In a listening session convened by the President of Mexico, Anote Tong,  President of Kiribati, the smallest island nation in the world, said “We are beginning to wonder if we will survive the negotiations themselves. We must keep the process afloat.”

“Whoever thinks they are more vulnerable than we are, we can swap countries, with pleasure,” he said. He recalled that the night before México had hosted a photo exhibit and gala concert of the national orchestra and displayed the tremendous breadth of the Mexican culture. “Mr. President,” he said to Felipe Calderone, “my country has a long and beautiful culture also, but that may soon be completely extinguished. The UNFCCC is becoming meaningless for us. We may not be here in future meetings. We will be gone.”

So far, however, no country has agreed to relocate substantial numbers of Kiribati. Tong’s government signed onto New Zealand’s Recognised Seasonal Employer Scheme and Australia’s Pacific Seasonal Worker Pilot Scheme, which provide seasonal employment opportunities in fruit-picking and horticulture industries. President Levy Mwanawasa of Zambia did tell President Tong that there was "plenty of room" in his country for Kiribati migrants, but he died suddenly in office in August 2008 and the offer as not renewed by his successor. 

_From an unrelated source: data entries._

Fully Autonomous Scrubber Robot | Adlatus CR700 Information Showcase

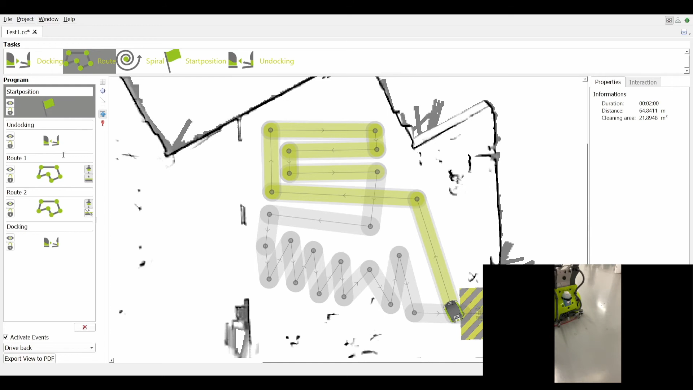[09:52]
It's going to unduck. It will run the route number one, which is this one, and right after that it will run route number two, which is this one, and lastly,
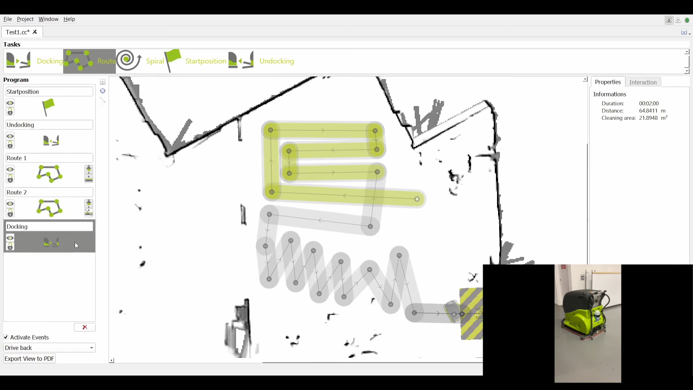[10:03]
it will go to the service station and dump the dirty water and do all the service station process. So, if the operator wants to run, like for example,
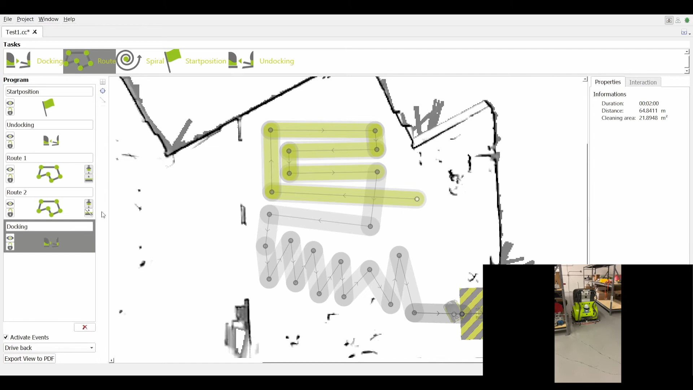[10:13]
a different route first, it is enough to just place the route in a higher position of the program space list, and that will basically change the order at which the machine is going to process the test.
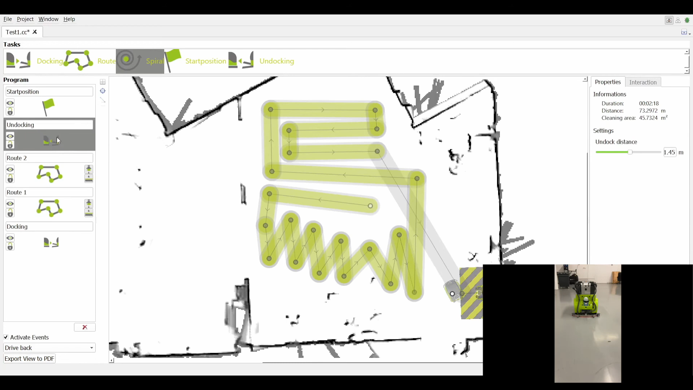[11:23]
There is also for a different cleaning test, such as undocking, where the undock distance can be changed as well.
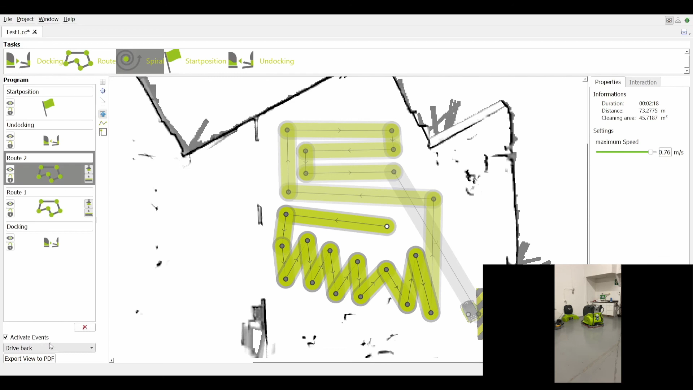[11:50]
This one can be found right below of the program space list and it can be deactivated or activated depending on what the operator wants. Also, you have two status which is one stop and drive back to the service station.
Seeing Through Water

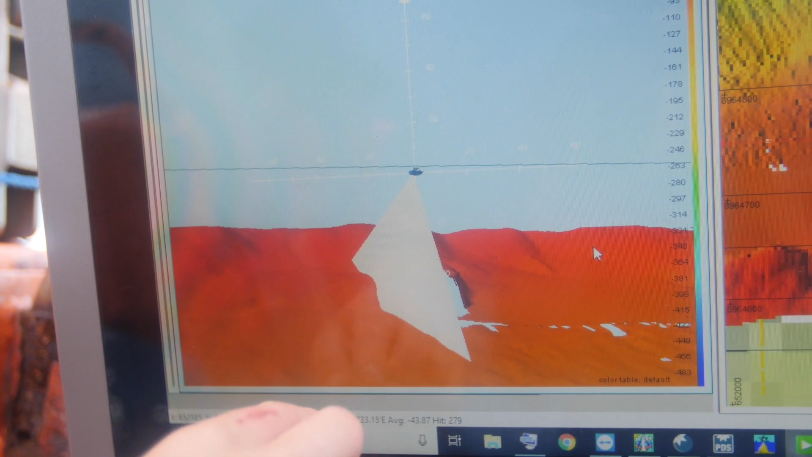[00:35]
We are this little vessel over here and this big swamp that you see here are the beams that the sonar send out.
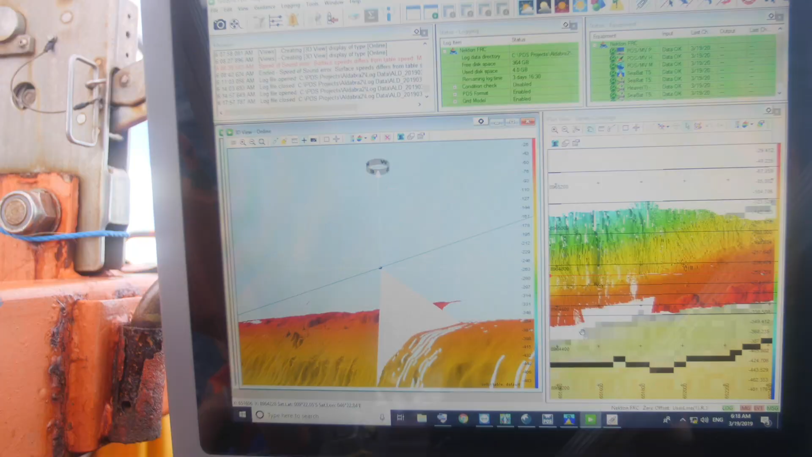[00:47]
Yeah but see it's dropping down so steeply over there.
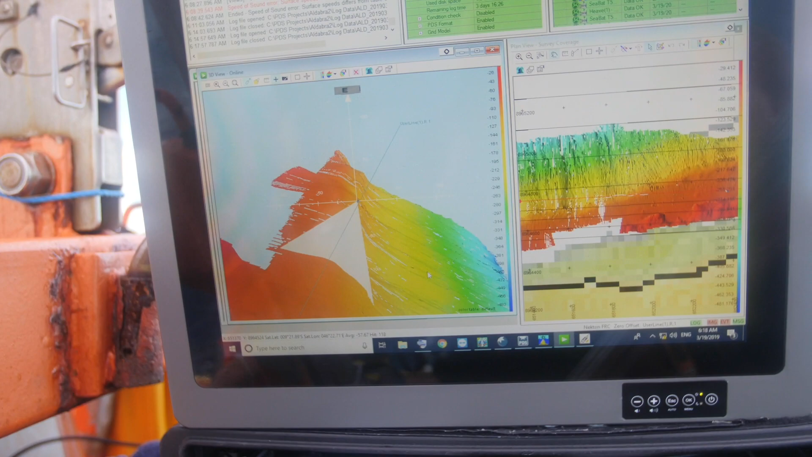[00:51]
That must be a great area for the subs to be in.
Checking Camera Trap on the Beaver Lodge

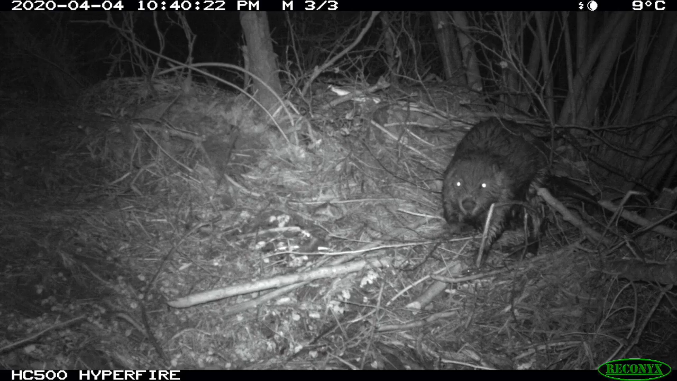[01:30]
So here are the pictures. We got a total of 906 photos photographs from April 4th to April 29th. That's a total of 26 trap days and from eight different species. In addition to lots of beaver pictures we also got muskrat, beaver yearling with a smaller tail, raccoon, we saw more raccoons lately than this whole winter.
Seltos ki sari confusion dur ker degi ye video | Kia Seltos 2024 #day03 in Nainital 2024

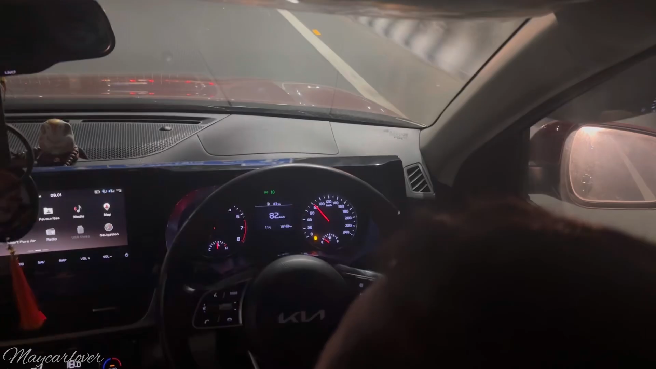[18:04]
गाड़ी की पीली बत्ती जल गई है पेट्रोल की, और किलोमीटर कितने हो गए हैं?
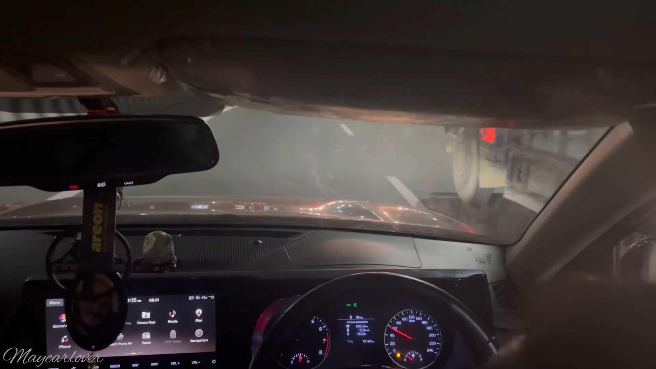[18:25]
और वो उसमें कितने 635 जो हमारी ट्रिप हुई है,
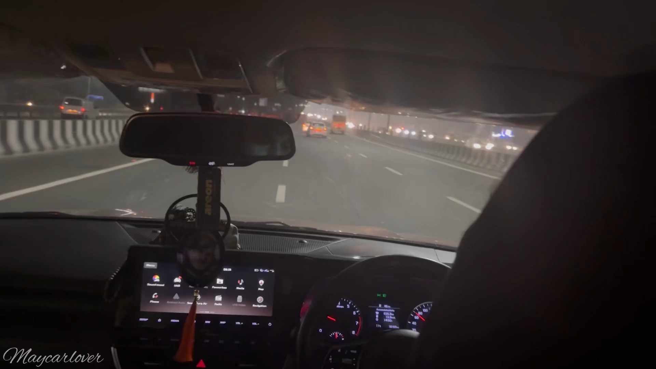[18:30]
तो 719 की रेंज दिखाई थी, 635 चली है।
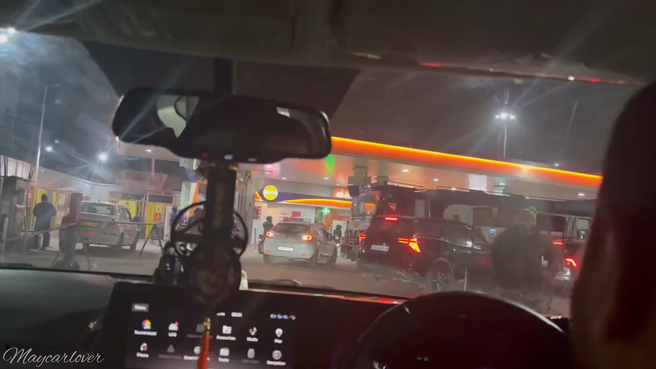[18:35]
देख लो भाइयों इंडियन ऑयल पे हम आ चुके हैं, पेट्रोल तो रिजर्व में कितनी चल गई अब बताना टोटल किलोमीटर
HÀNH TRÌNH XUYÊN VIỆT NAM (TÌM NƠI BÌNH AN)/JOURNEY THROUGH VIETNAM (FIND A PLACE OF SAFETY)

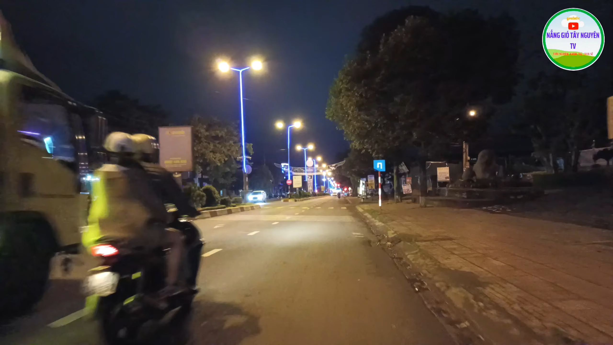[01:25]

Tong said we should not be speaking as nations, with mandates sent from our capitals. We should be talking amongst ourselves. We should remember we are human. And what we are talking about here are human lives.

Every shovel of coal mined and burned, every overweight car and inefficient light bulb, every useless piece of plastic in our lives — they all light a bonfire of the human culture, they destroy the legacy of forest, lake and ocean biodioversity, and they dash the hopes and dreams of our children. I weep for my country, my planet, my grandchildren.